Тряпка, пропитанная муравьиной кислотой, валялась под кустом, и дровосек аккуратно сложил её в кадушку к другим таким же. Руки чуть пощипывало, и он представил, каково сейчас Дафне с её тонкой и нежной кожей. Наверняка всё ужасно болит и чешется. И зачем девушка полезла в муравейник стаскивать тряпку? Ничего бы не случилось, полежи ветошь там немного.
Пообещав себе ещё раз, что впредь подобного не допустит, Элвин отправился к большому камню.
***
– Вы посмотрите, стоит как ни в чём не бывало, в глаза ей плюнуть, бесстыжей! – разорялась воняющая несвежей рыбой торговка.
– Пра-ик-льно! На, ик, кол, ик, её! – размахивал вилами здоровенный мужик.
– Ик! Ик! Ик! – дружно поддержал его нестройный хор голосов.
Пришло гораздо меньше икающих, чем ожидала Дафна. Видимо, жара располагала к купанию и умыванию проточной водой, а это лучше прочего снимает все сглазы и проклятия ненаправленного действия. Воду она подготовила, а значит, скоро галдеть в лесу снова будут лишь сороки.
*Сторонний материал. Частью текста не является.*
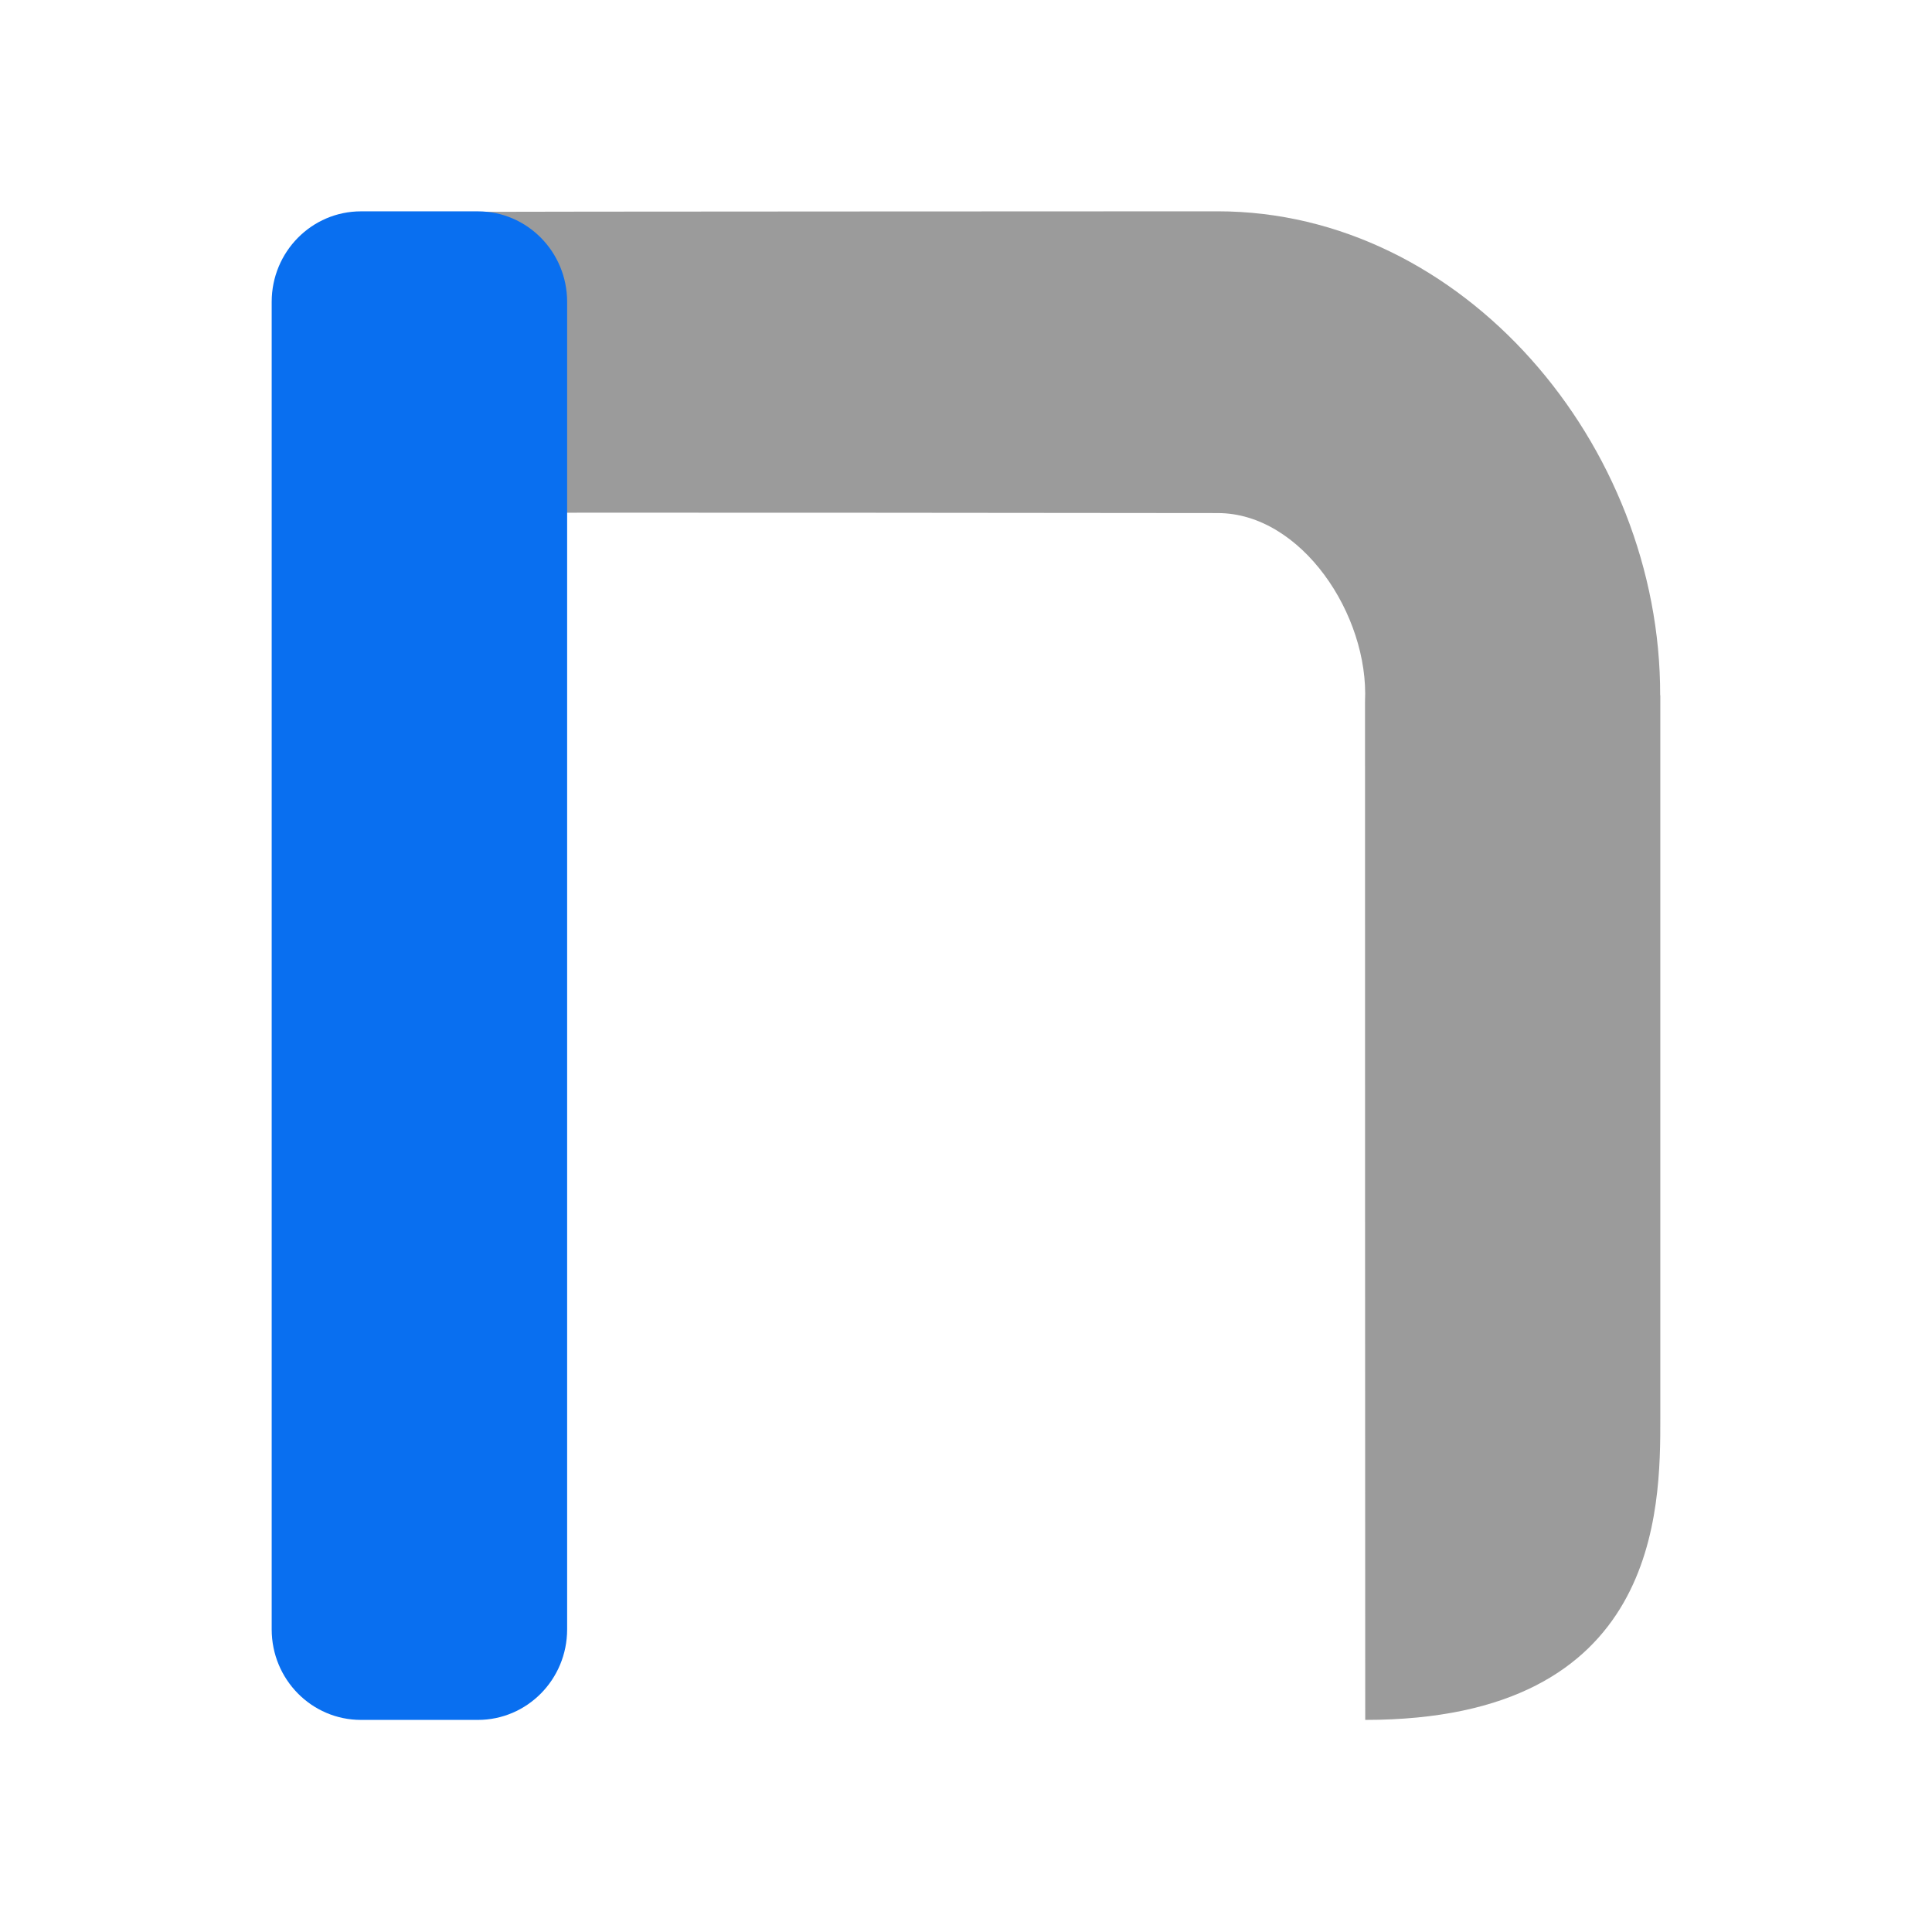 <svg width="64" height="64" viewBox="0 0 64 64" fill="none" xmlns="http://www.w3.org/2000/svg">
<path fill-rule="evenodd" clip-rule="evenodd" d="M54.995 23.034C55.018 14.718 48.449 7 40.338 7C40.338 7 15.789 7.008 15.571 7.018V16.996C15.785 16.966 40.338 16.996 40.338 16.996C43.114 16.996 45.357 20.375 45.218 23.245C45.213 23.359 45.225 56.974 45.225 56.974C55 56.974 55 49.978 55 46.98V23.034H54.995Z" fill="#9B9B9B"/>
<path fill-rule="evenodd" clip-rule="evenodd" d="M15.829 7.001H11.958C10.324 7.001 9 8.343 9 9.999V53.975C9 55.633 10.324 56.974 11.957 56.974H15.83C17.463 56.974 18.787 55.633 18.787 53.975V10C18.787 8.343 17.463 7.001 15.829 7.001Z" fill="#096FF0"/>
</svg>
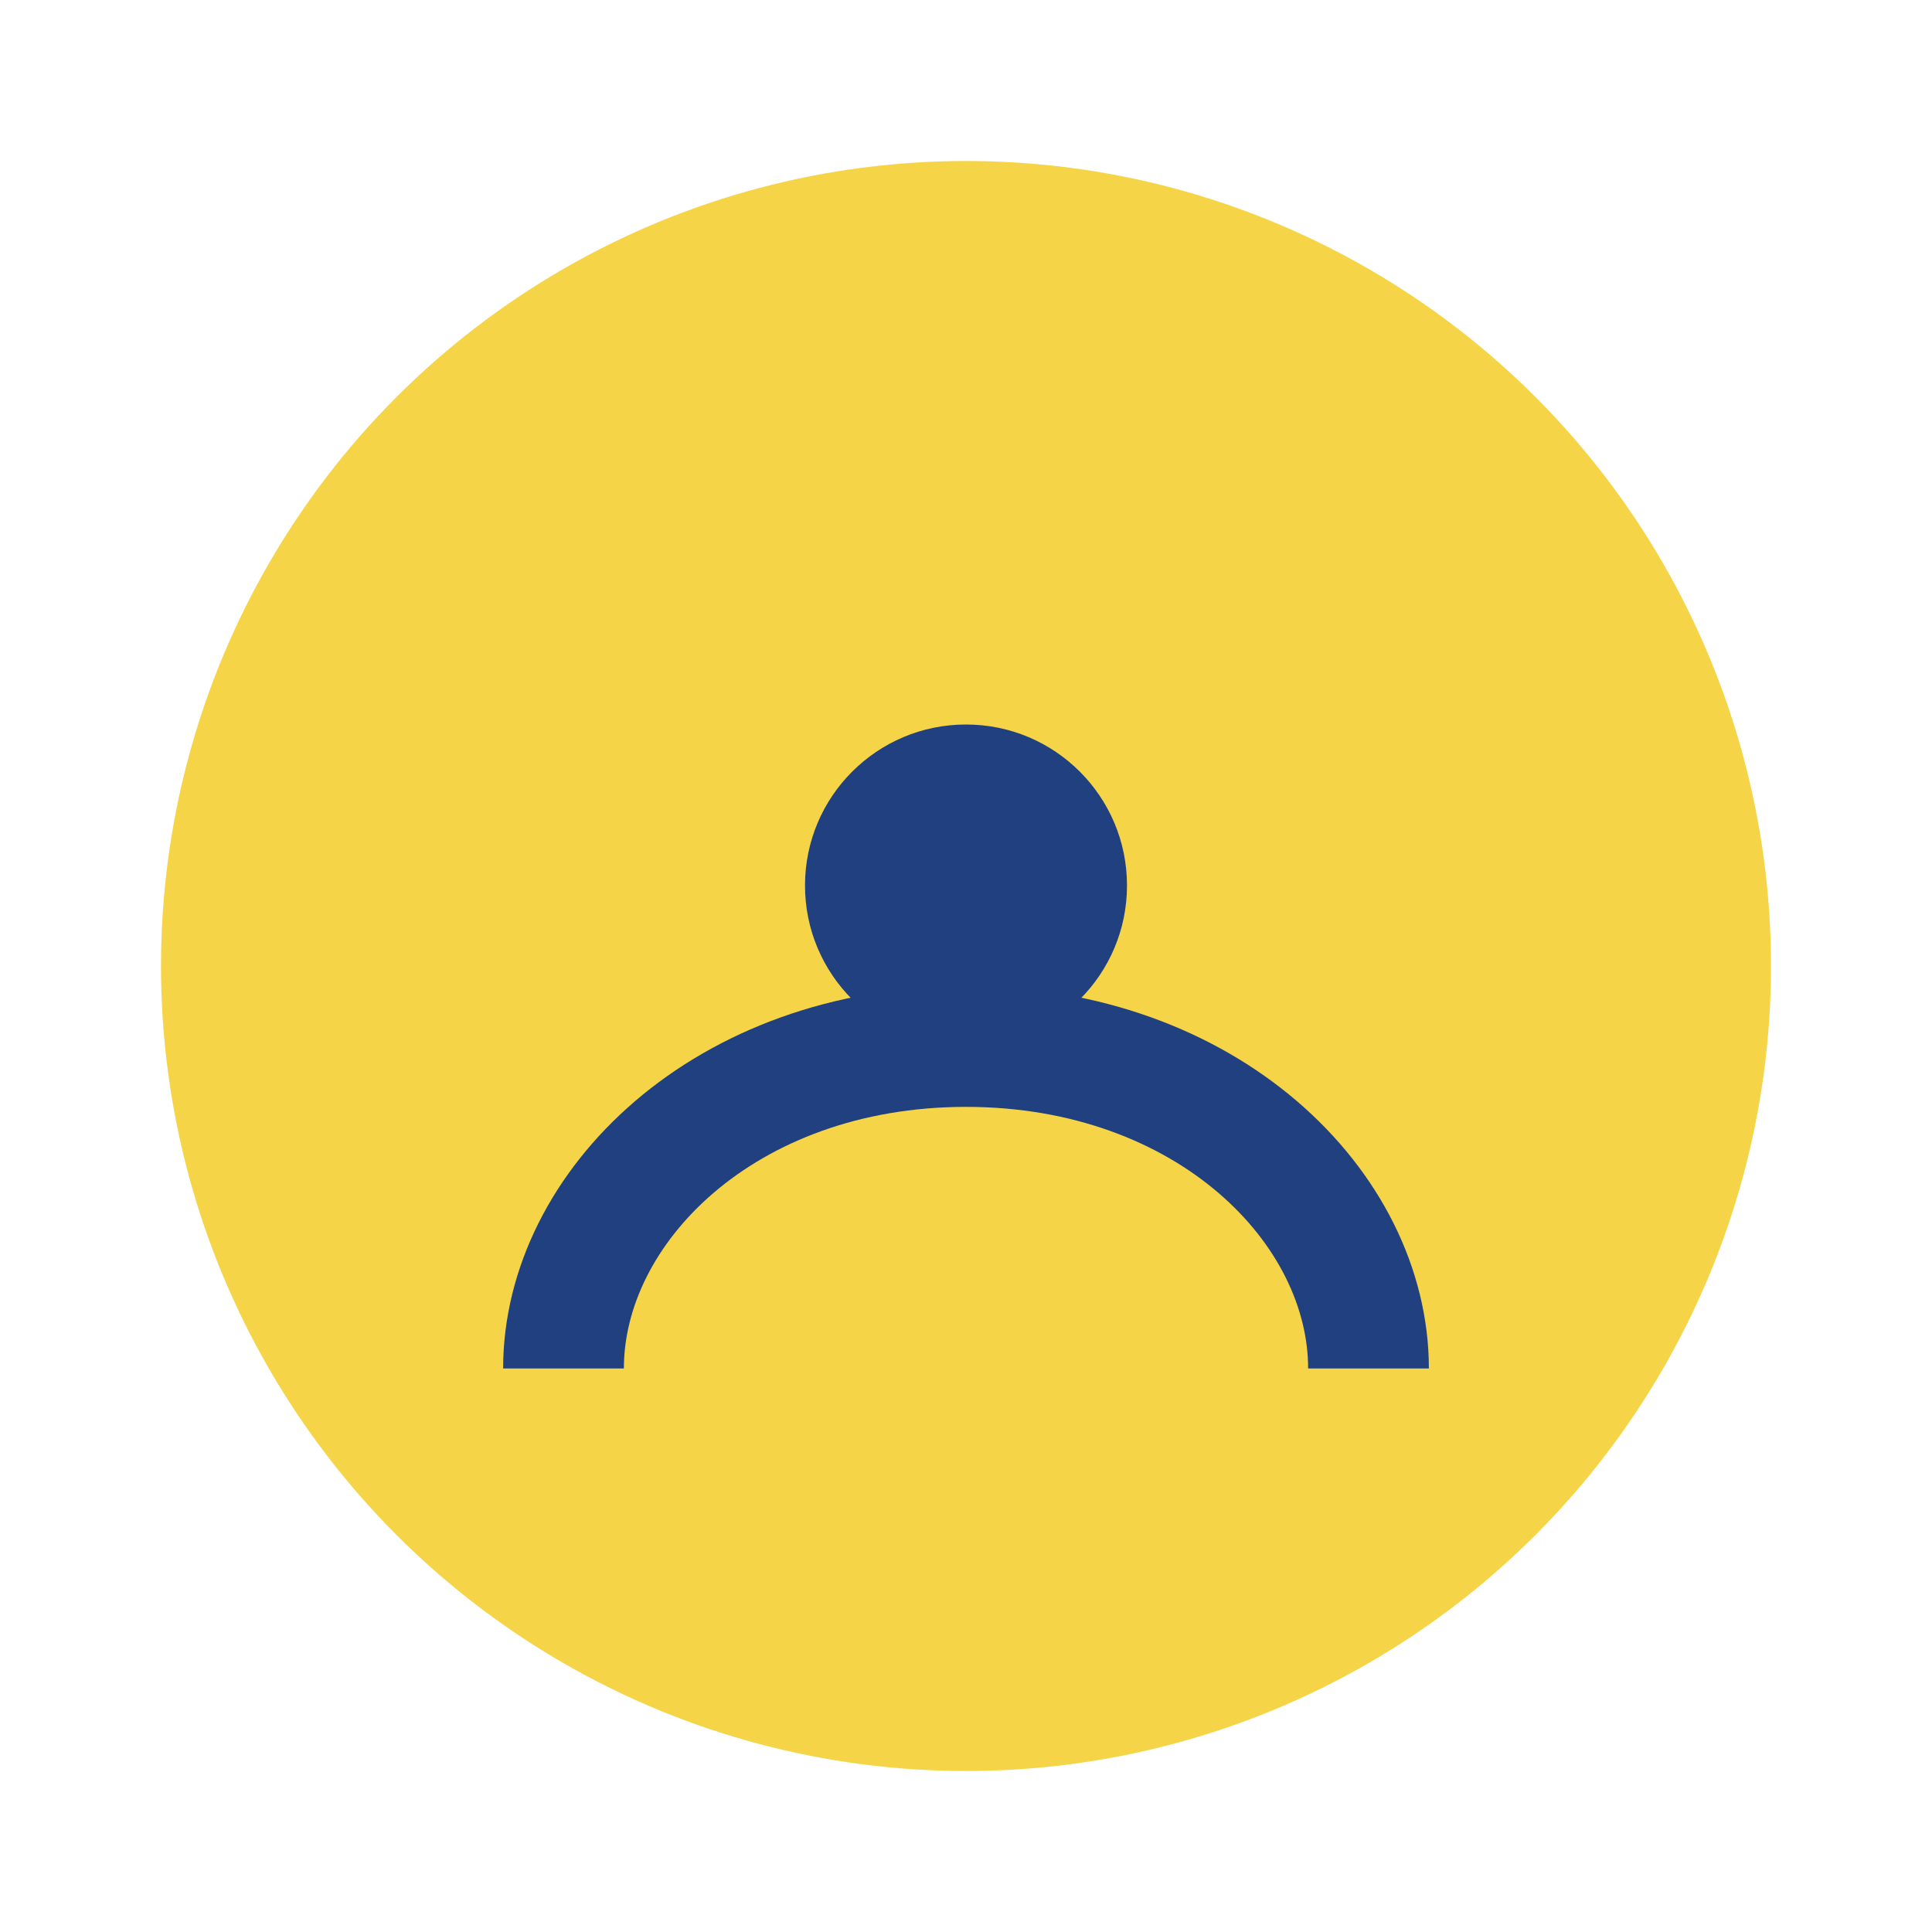 <?xml version="1.0" encoding="UTF-8"?>
<svg xmlns="http://www.w3.org/2000/svg" width="24" height="24" viewBox="0 0 24 24"><circle cx="12" cy="12" r="10" fill="#F5D547"/><path d="M7 17c0-2 2-4 5-4s5 2 5 4" stroke="#204080" stroke-width="1.5" fill="none"/><circle cx="12" cy="11" r="2" fill="#204080"/></svg>

– Мадемуазель Дюпон, – вперёд вышел констебль. За его плечом виднелся прыщавый нос главного лесничего. И это было плохо. – С жалобами на вас обратилось более пятидесяти человек, – немолодой усатый служитель закона помахал пачкой листов. – Здесь указана сумма штрафа и компенсация пострадавшим. Так как официального источника дохода у вас нет, то конфискации и дальнейшей продаже подлежит дом и всё ваше имущество. Остаток денег после покрытия штрафа, компенсаций и издержек судебного производства, если таковой останется, будёт возвращён вам, – зачитал констебль.